5 · Iterate with receipts

Each version was checked for mobile behaviour, no-JavaScript fallbacks, colour-blind support, print styles and SEO metadata. Pages compile CSS, JS and images into single files, so nothing ever breaks on extraction.

6 · Give the method away

The full thinking process is below as markdown. Copy it, replace my facts with yours, and you have a working method for building your own evidence-first portfolio with AI.

# How this portfolio was made: my thinking process
By Mian Muhammad Adil, Product Designer, with Claude (Anthropic) as my build partner

## 1. Start with the audience, not the pages
Before a single pixel, I defined three audiences:
- A hiring reviewer scanning dozens of portfolios (needs signal in 60 seconds)
- Applicant tracking systems and search crawlers (need semantic HTML and structured data)
- AI agents that will summarize me from this site (need facts stated plainly, JSON-LD, clear headings)
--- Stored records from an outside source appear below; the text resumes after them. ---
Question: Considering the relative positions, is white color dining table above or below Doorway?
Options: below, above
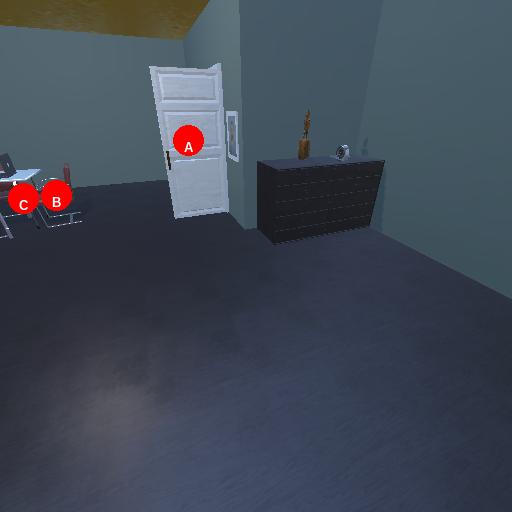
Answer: below
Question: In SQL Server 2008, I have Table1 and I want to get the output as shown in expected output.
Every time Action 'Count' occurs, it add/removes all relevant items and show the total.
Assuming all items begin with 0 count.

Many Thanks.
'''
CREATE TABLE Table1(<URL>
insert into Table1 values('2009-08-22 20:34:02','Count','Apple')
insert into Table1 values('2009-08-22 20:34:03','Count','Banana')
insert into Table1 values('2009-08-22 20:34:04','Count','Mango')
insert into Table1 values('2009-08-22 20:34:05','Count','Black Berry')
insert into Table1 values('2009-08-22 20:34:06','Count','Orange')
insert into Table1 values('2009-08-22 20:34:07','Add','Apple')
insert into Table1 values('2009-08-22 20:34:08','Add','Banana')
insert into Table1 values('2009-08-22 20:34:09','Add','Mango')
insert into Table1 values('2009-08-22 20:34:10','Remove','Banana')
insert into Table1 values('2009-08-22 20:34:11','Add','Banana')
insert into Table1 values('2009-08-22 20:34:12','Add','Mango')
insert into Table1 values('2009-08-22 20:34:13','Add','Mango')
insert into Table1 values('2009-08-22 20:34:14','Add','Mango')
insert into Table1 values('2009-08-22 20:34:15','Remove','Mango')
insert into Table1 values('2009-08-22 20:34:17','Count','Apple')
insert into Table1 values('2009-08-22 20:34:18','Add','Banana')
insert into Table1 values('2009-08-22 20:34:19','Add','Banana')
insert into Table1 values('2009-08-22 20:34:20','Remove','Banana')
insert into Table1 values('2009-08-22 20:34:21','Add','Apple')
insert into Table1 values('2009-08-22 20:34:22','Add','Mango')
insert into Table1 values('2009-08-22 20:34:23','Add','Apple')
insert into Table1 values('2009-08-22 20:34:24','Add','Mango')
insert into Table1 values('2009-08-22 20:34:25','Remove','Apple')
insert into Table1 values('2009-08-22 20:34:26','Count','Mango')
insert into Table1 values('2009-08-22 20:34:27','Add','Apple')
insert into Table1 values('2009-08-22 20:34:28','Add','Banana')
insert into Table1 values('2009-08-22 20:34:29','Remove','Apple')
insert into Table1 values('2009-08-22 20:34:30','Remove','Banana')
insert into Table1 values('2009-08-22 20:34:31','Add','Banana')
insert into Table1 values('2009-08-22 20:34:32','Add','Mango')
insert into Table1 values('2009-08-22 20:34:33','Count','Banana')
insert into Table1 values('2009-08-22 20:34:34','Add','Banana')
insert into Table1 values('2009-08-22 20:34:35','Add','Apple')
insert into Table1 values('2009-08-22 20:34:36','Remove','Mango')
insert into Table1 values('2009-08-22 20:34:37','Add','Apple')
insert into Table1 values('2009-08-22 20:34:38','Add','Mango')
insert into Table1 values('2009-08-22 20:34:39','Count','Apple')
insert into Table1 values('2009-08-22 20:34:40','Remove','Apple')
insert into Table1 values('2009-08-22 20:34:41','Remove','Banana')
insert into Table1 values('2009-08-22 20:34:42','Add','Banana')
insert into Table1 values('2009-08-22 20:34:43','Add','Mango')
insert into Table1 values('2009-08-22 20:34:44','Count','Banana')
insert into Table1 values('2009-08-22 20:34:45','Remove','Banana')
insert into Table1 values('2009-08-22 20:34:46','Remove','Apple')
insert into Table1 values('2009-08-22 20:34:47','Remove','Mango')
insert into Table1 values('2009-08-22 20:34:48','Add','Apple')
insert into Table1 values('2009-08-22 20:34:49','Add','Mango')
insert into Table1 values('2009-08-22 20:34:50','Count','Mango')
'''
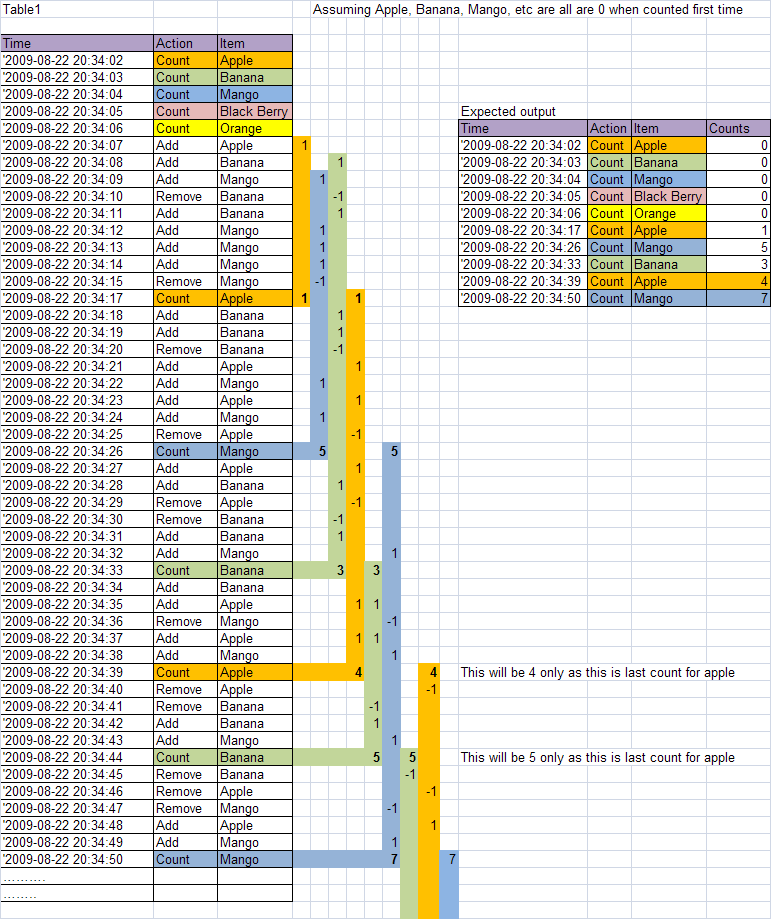
Answer: This can be achieved with a left outer self join as shown below
However the results produced are different from what you have shown probably because you made some calculation mistakes. Anyway try similar approach.
'''
select a.time,a.item,
SUM(case
when b.action='Add' then 1
when b.action='Remove' then -1
else 0 end)
from table1 as a
left join table1 as b
on a.item=b.item
and b.time<a.time
where a.action='Count'
group by a.time,a.item,a.action
order by 1
'''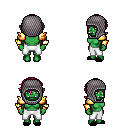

## 2. Treat the AI like a design team, not a vending machine
I did not ask for "a portfolio website." I practiced contextual prompting:
- I gave Claude my full resume and my 66-page portfolio deck as source material
- I supplied the actual job postings I was targeting, so copy could mirror real requirements
- I gave feedback in numbered lists after every version, the way I would review a design team
- I asked for a UX audit of the AI's own output, then made it fix its own findings
- I challenged defaults: fonts, pills, animations, information architecture, tone

Lesson: the quality of AI output is a mirror of the quality of context you provide.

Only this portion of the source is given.